Counterterrorism officials have grown increasingly concerned about terrorist groups using encryption in order to communicate securely. As encryption increasingly becomes a part of electronic devices and online messaging apps, a range of criminal actors including Islamist terrorists are exploiting the technology to communicate and store information, thus avoiding detection and incrimination, a phenomenon law enforcement officials refer to as “going dark.”

Despite a vociferous public debate on both sides of the Atlantic that has pitted government agencies against tech companies, civil liberties advocates, and even senior figures in the national security establishment who have argued that creation of “backdoors”[1] for law enforcement agencies to retrieve communications would do more harm than good, there remains widespread confusion about how encryption actually works.[a]

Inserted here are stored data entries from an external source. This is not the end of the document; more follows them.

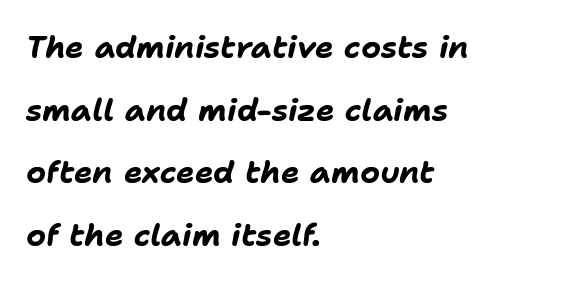
Q: Is the text bold? A: Yes.
Q: Is the text italic (slanted)? A: Yes, it leans right by about 11 degrees.
Q: Is the text underlined? A: No.
Q: How is the paragraph aligned? A: Left-aligned.
Q: Is the spacing between letters normal or unusually wide? A: Normal.
Q: Is the spacing between lines tight, normal or loose? A: Loose.
Q: Width (condensed, normal, or wide)? A: Normal.
Q: Stroke contrast? A: Low.
Q: x-height? A: Medium.
Q: Monospaced? A: No.
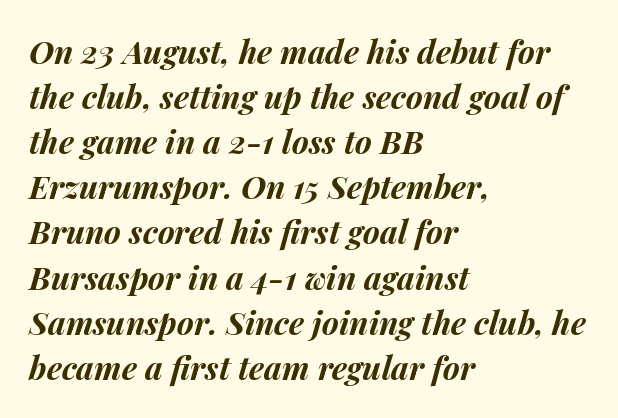
{"italic": "yes", "lean": "right", "slant_degrees": 14, "bold": "yes", "weight": "bold", "width": "normal", "stroke_contrast": "medium", "x_height": "medium", "monospaced": "no", "underline": "no", "align": "left", "line_spacing": "normal", "line_spacing_ratio": 1.41, "letter_spacing": "normal", "letter_spacing_em": 0.0, "glyph_px": 32}
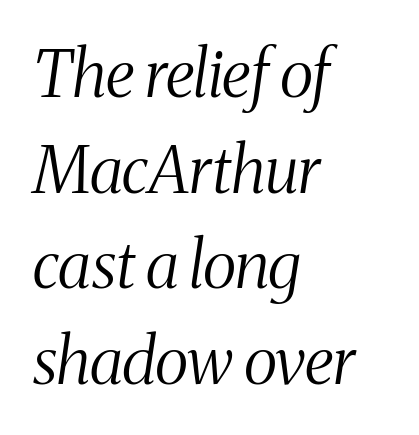
The font family rendered here belongs to the serif group. The line texture is even and compact thanks to regular tracking. The zone under the glyphs is completely vacant. A light-to-regular cut is what we see here. Quick note: italic.
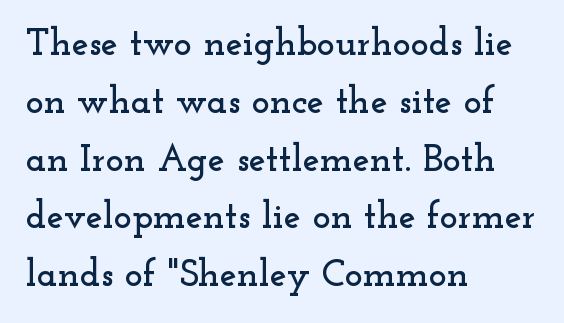
Q: Is the text italic (slanted)? A: No, it is upright.
Q: Is the typeface a serif or a sans-serif typeface? A: Serif.
Q: Is the text underlined? A: No.
Q: How is the paragraph aligned? A: Left-aligned.
Q: Is the spacing between letters normal or unusually wide? A: Normal.
Q: Is the spacing between lines tight, normal or loose? A: Normal.
Q: Width (condensed, normal, or wide)? A: Wide.
Q: Stroke contrast? A: Low.
Q: x-height? A: Small.
Q: Monospaced? A: No.
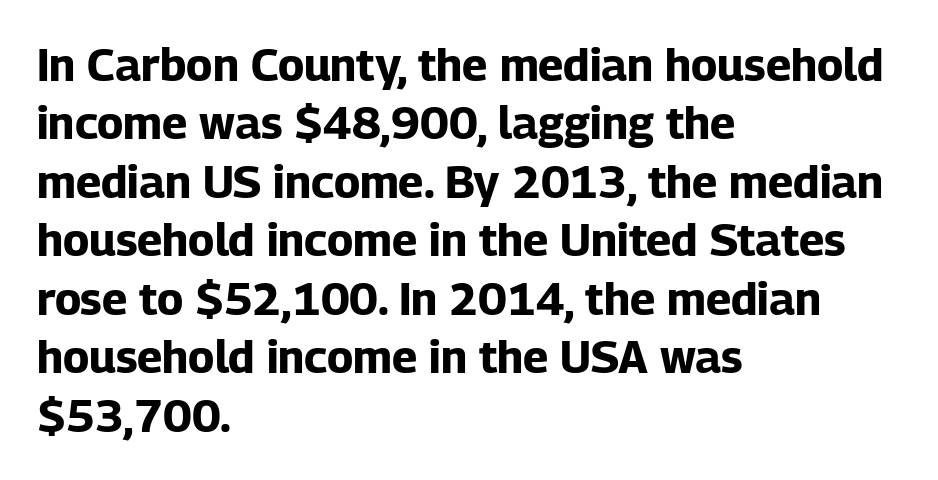
Looks like regular typesetting: each glyph gets only the width it needs. Has an underline been added? It has not. Its strokes are broad and dark, the hallmark of bold type. Font category for this specimen: sans-serif. These lines sit exactly where default settings would place them.
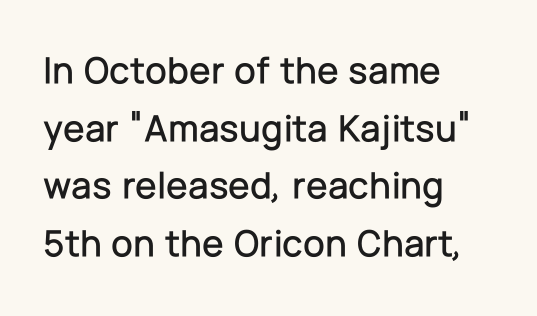
{"serif": "no", "italic": "no", "width": "normal", "stroke_contrast": "low", "x_height": "medium", "monospaced": "no", "underline": "no", "align": "left", "line_spacing": "normal", "line_spacing_ratio": 1.48, "letter_spacing": "normal", "letter_spacing_em": 0.0, "glyph_px": 39}
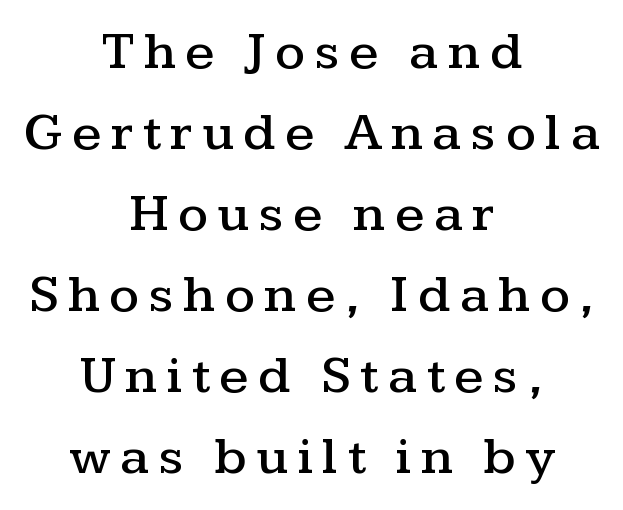
Q: Is the text italic (slanted)? A: No, it is upright.
Q: Is the typeface a serif or a sans-serif typeface? A: Serif.
Q: Is the text underlined? A: No.
Q: How is the paragraph aligned? A: Centered.
Q: Is the spacing between lines tight, normal or loose? A: Normal.
Q: Width (condensed, normal, or wide)? A: Wide.
Q: Stroke contrast? A: Medium.
Q: x-height? A: Medium.
Q: Monospaced? A: No.
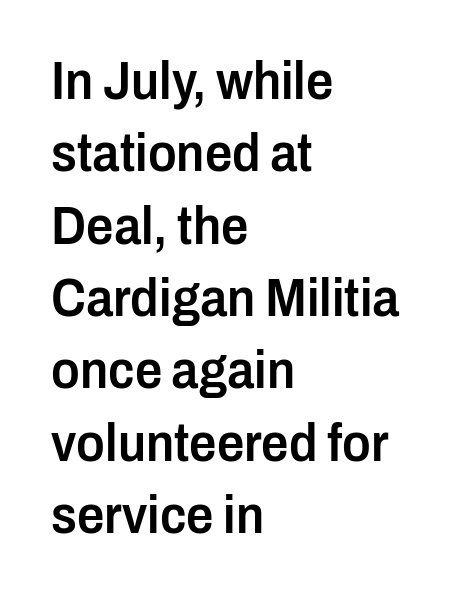
Q: Is the text bold? A: Semi-bold.
Q: Is the text italic (slanted)? A: No, it is upright.
Q: Is the typeface a serif or a sans-serif typeface? A: Sans-serif.
Q: Is the text underlined? A: No.
Q: How is the paragraph aligned? A: Left-aligned.
Q: Is the spacing between letters normal or unusually wide? A: Normal.
Q: Is the spacing between lines tight, normal or loose? A: Normal.
Q: Width (condensed, normal, or wide)? A: Condensed.
Q: Stroke contrast? A: Low.
Q: x-height? A: Medium.
Q: Monospaced? A: No.
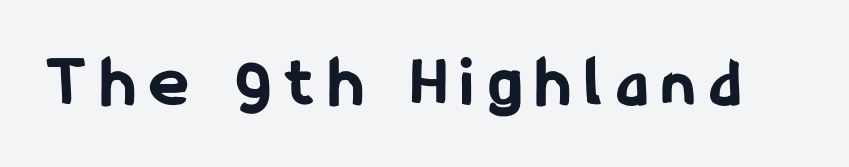
Q: Is the text bold? A: Yes.
Q: Is the text italic (slanted)? A: No, it is upright.
Q: Is the typeface a serif or a sans-serif typeface? A: Sans-serif.
Q: Is the text underlined? A: No.
Q: Is the spacing between letters normal or unusually wide? A: Unusually wide.
Q: Width (condensed, normal, or wide)? A: Condensed.
Q: Stroke contrast? A: Low.
Q: x-height? A: Medium.
Q: Monospaced? A: No.
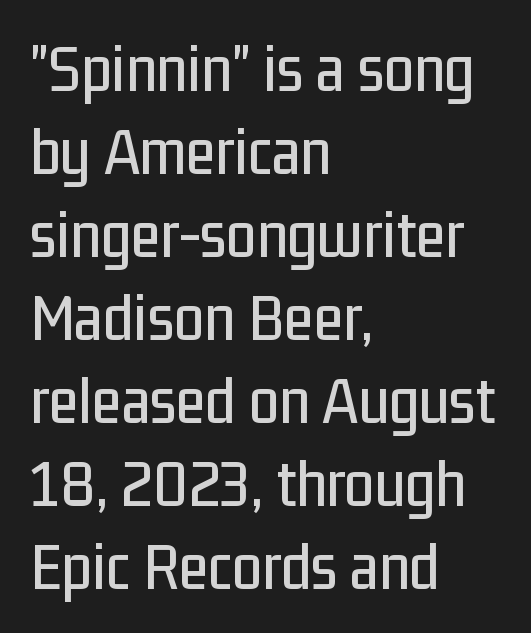
The image shows 68 px condensed sans-serif type, upright; set left-aligned, line spacing 1.22x, normal letter spacing, not underlined; low stroke contrast and a medium x-height.
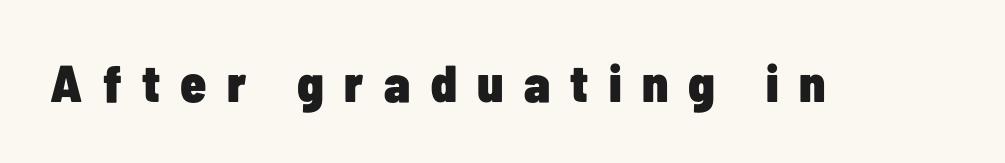
Stroke terminals: plain, sans-serif. The passage shown has open, widely tracked lettering throughout. The rendering uses natural spacing where letterforms have individual widths. Look at the stroke-to-counter ratio: heavy, a bold. Italic: no, the glyphs are upright roman.
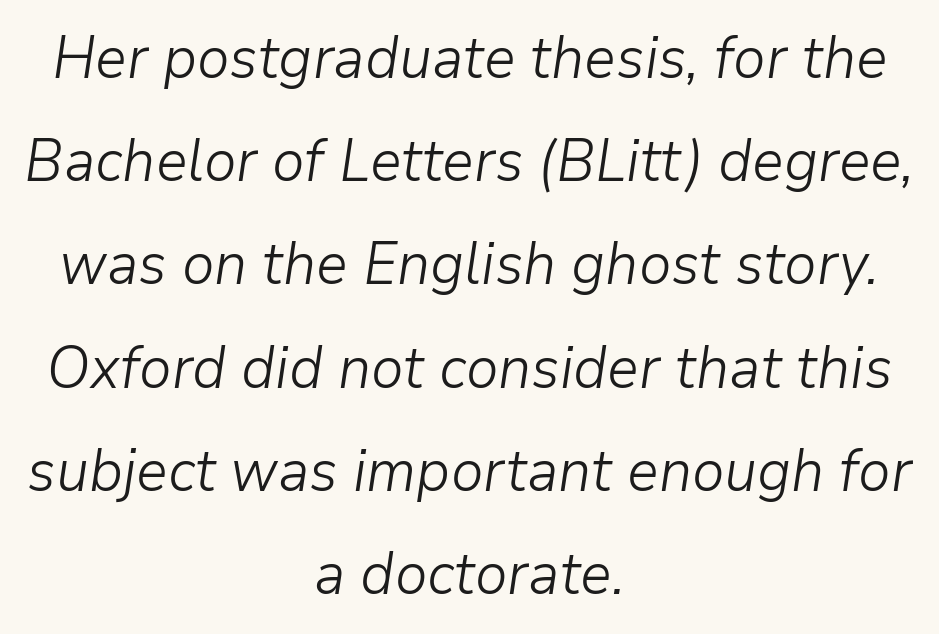
The image shows 59 px light type, italic (leaning right); set centered, line spacing 1.75x, normal letter spacing, not underlined; low stroke contrast and a medium x-height.
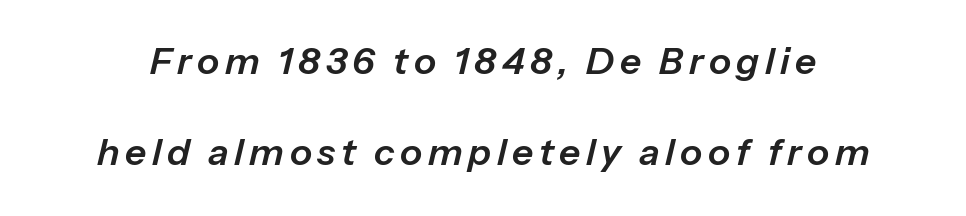
Q: Is the text italic (slanted)? A: Yes, it leans right by about 13 degrees.
Q: Is the text underlined? A: No.
Q: Is the spacing between lines tight, normal or loose? A: Loose.
Q: Width (condensed, normal, or wide)? A: Normal.
Q: Stroke contrast? A: Low.
Q: x-height? A: Medium.
Q: Monospaced? A: No.
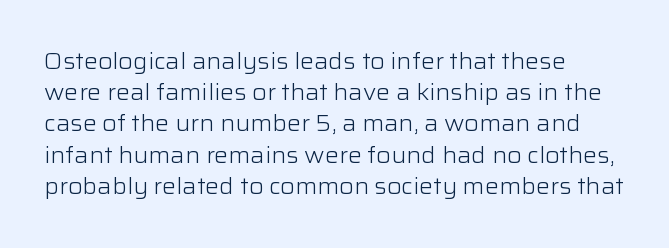
{"italic": "no", "bold": "no", "underline": "no", "align": "left", "line_spacing": "normal", "line_spacing_ratio": 1.42, "letter_spacing": "normal", "letter_spacing_em": 0.0, "glyph_px": 22}
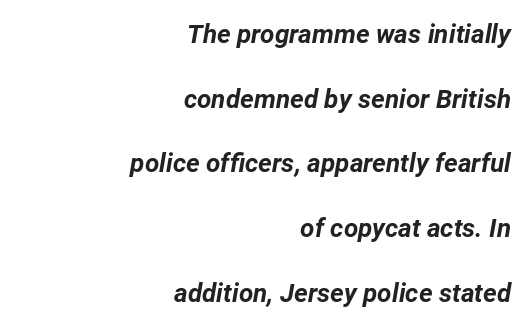
The image shows 26 px bold type, italic (leaning right); set right-aligned, loose line spacing (2.49x), normal letter spacing, not underlined.
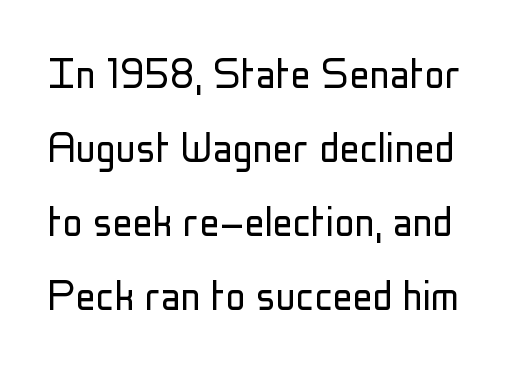
The image shows 50 px light, condensed sans-serif type, upright; set normal line spacing (1.48x), normal letter spacing, not underlined; low stroke contrast and a medium x-height.
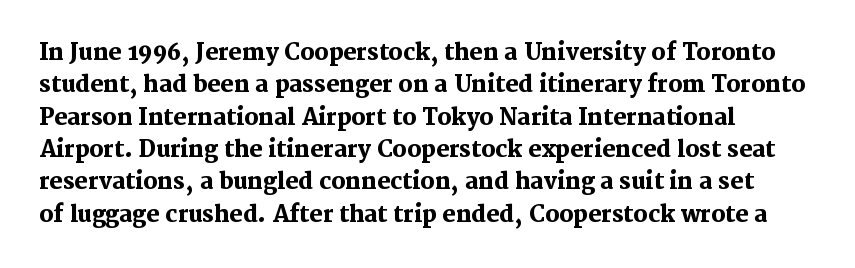
The image shows 22 px bold type, upright; set left-aligned, normal line spacing (1.47x), normal letter spacing, not underlined.
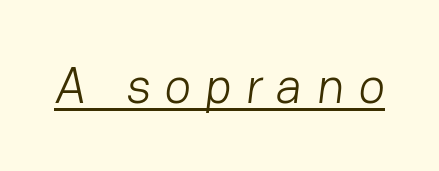
Q: Is the text bold? A: No.
Q: Is the typeface a serif or a sans-serif typeface? A: Sans-serif.
Q: Is the text underlined? A: Yes.
Q: Is the spacing between letters normal or unusually wide? A: Unusually wide.
Q: Width (condensed, normal, or wide)? A: Normal.
Q: Stroke contrast? A: Low.
Q: x-height? A: Medium.
Q: Monospaced? A: No.
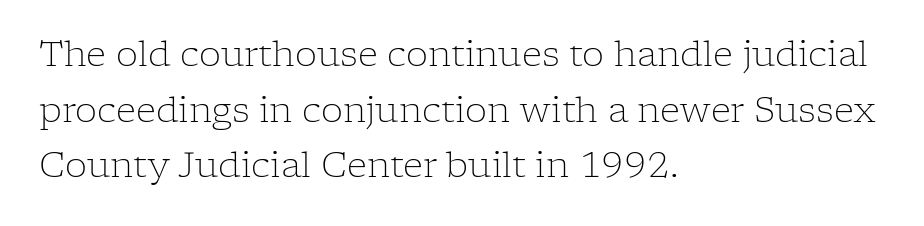
Q: Is the text bold? A: No.
Q: Is the text italic (slanted)? A: No, it is upright.
Q: Is the typeface a serif or a sans-serif typeface? A: Serif.
Q: Is the text underlined? A: No.
Q: How is the paragraph aligned? A: Left-aligned.
Q: Is the spacing between letters normal or unusually wide? A: Normal.
Q: Is the spacing between lines tight, normal or loose? A: Normal.
Q: Width (condensed, normal, or wide)? A: Normal.
Q: Stroke contrast? A: Low.
Q: x-height? A: Medium.
Q: Monospaced? A: No.
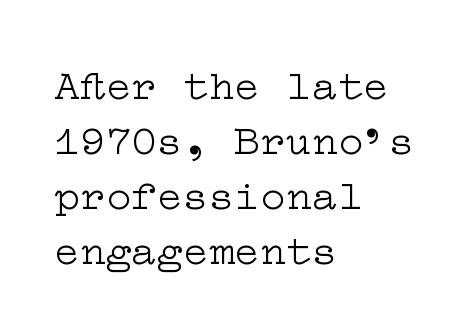
Q: Is the text bold? A: No.
Q: Is the text italic (slanted)? A: No, it is upright.
Q: Is the typeface a serif or a sans-serif typeface? A: Serif.
Q: Is the text underlined? A: No.
Q: How is the paragraph aligned? A: Left-aligned.
Q: Is the spacing between letters normal or unusually wide? A: Normal.
Q: Is the spacing between lines tight, normal or loose? A: Normal.
Q: Width (condensed, normal, or wide)? A: Wide.
Q: Stroke contrast? A: Low.
Q: x-height? A: Medium.
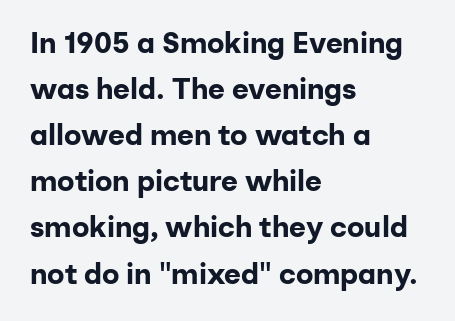
{"serif": "no", "italic": "no", "bold": "yes", "weight": "bold", "width": "normal", "stroke_contrast": "low", "x_height": "medium", "monospaced": "no", "underline": "no", "align": "left", "line_spacing": "normal", "line_spacing_ratio": 1.59, "letter_spacing": "normal", "letter_spacing_em": 0.0, "glyph_px": 29}
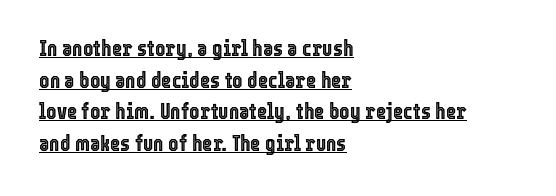
This rendering leaves character spacing at its baseline value. In CSS terms this would be text-align: left. Caption: lettering with a line underneath. How would I describe the line gaps? Plain and ordinary.
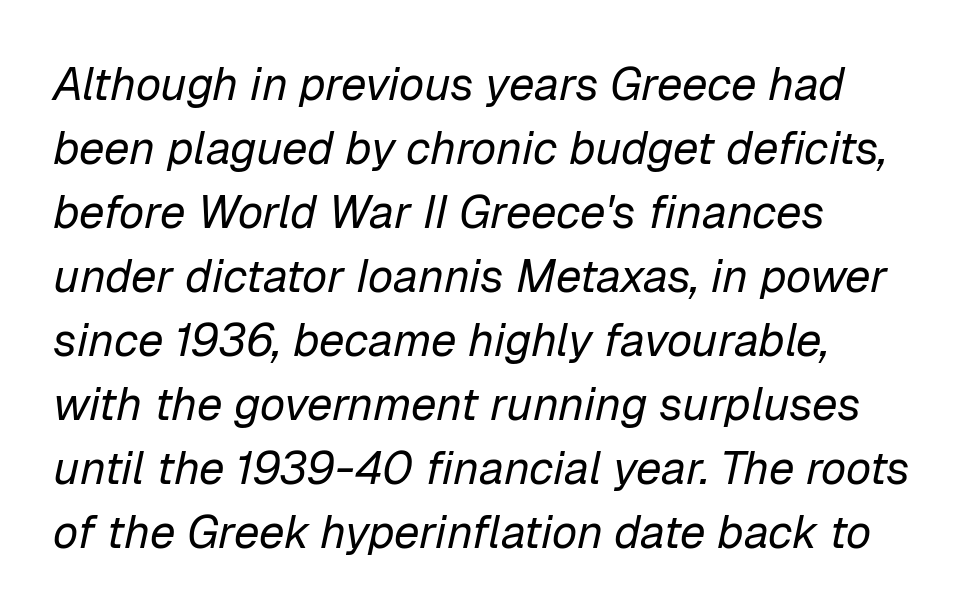
The image shows 46 px regular-weight type, italic (leaning right); set left-aligned, normal line spacing (1.39x), normal letter spacing, not underlined; low stroke contrast and a medium x-height.
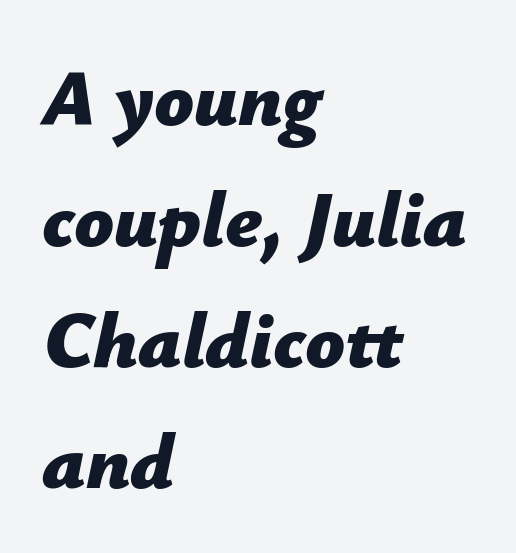
{"italic": "yes", "lean": "right", "slant_degrees": 12, "bold": "yes", "weight": "bold", "width": "normal", "stroke_contrast": "low", "x_height": "medium", "monospaced": "no", "underline": "no", "align": "left", "line_spacing": "normal", "line_spacing_ratio": 1.55, "letter_spacing": "normal", "letter_spacing_em": 0.0, "glyph_px": 78}
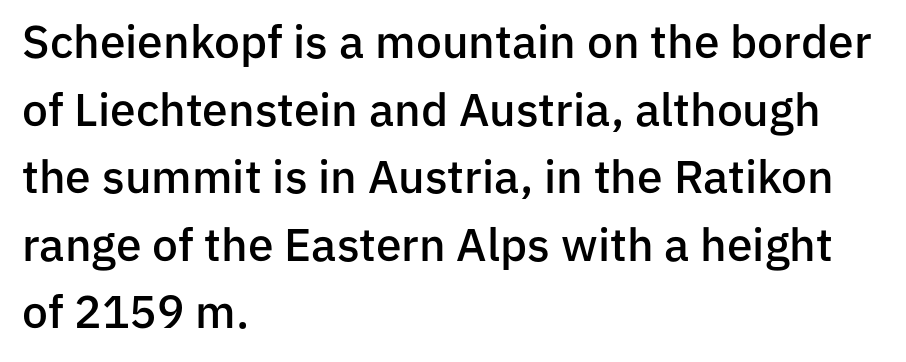
The image shows 46 px semibold sans-serif type, upright; set left-aligned, normal line spacing (1.47x), normal letter spacing, not underlined; low stroke contrast and a medium x-height.

Technologists have long understood that regulatory measures stand little chance of rolling back the tide. Besides software being written in other countries (and beyond local laws), what has not been fully understood in the public debate is that the “source code” itself behind end-to-end encryption is now widely available online, which means that short of shutting down the internet, there is nothing that can be done to stop individuals, including terrorists, from creating and customizing their own encryption software.

The first part of this article provides a primer on the various forms of encryption, including end-to-end encryption, full device encryption, anonymization, and various secure communication (operational security or opsec) methods that are used on top of or instead of encryption. Part two then looks at some examples of how terrorist actors are using these methods.

Part 1: Encryption 101 

End-to-End Encryption
A cell phone already uses encryption to talk to the nearest cell tower. This is because hackers could otherwise eavesdrop on radio waves to listen in on phone calls. However, after the cell tower, phone calls are not encrypted as they traverse copper wires and fiber optic cables. It is considered too hard for nefarious actors to dig up these cables and tap into them.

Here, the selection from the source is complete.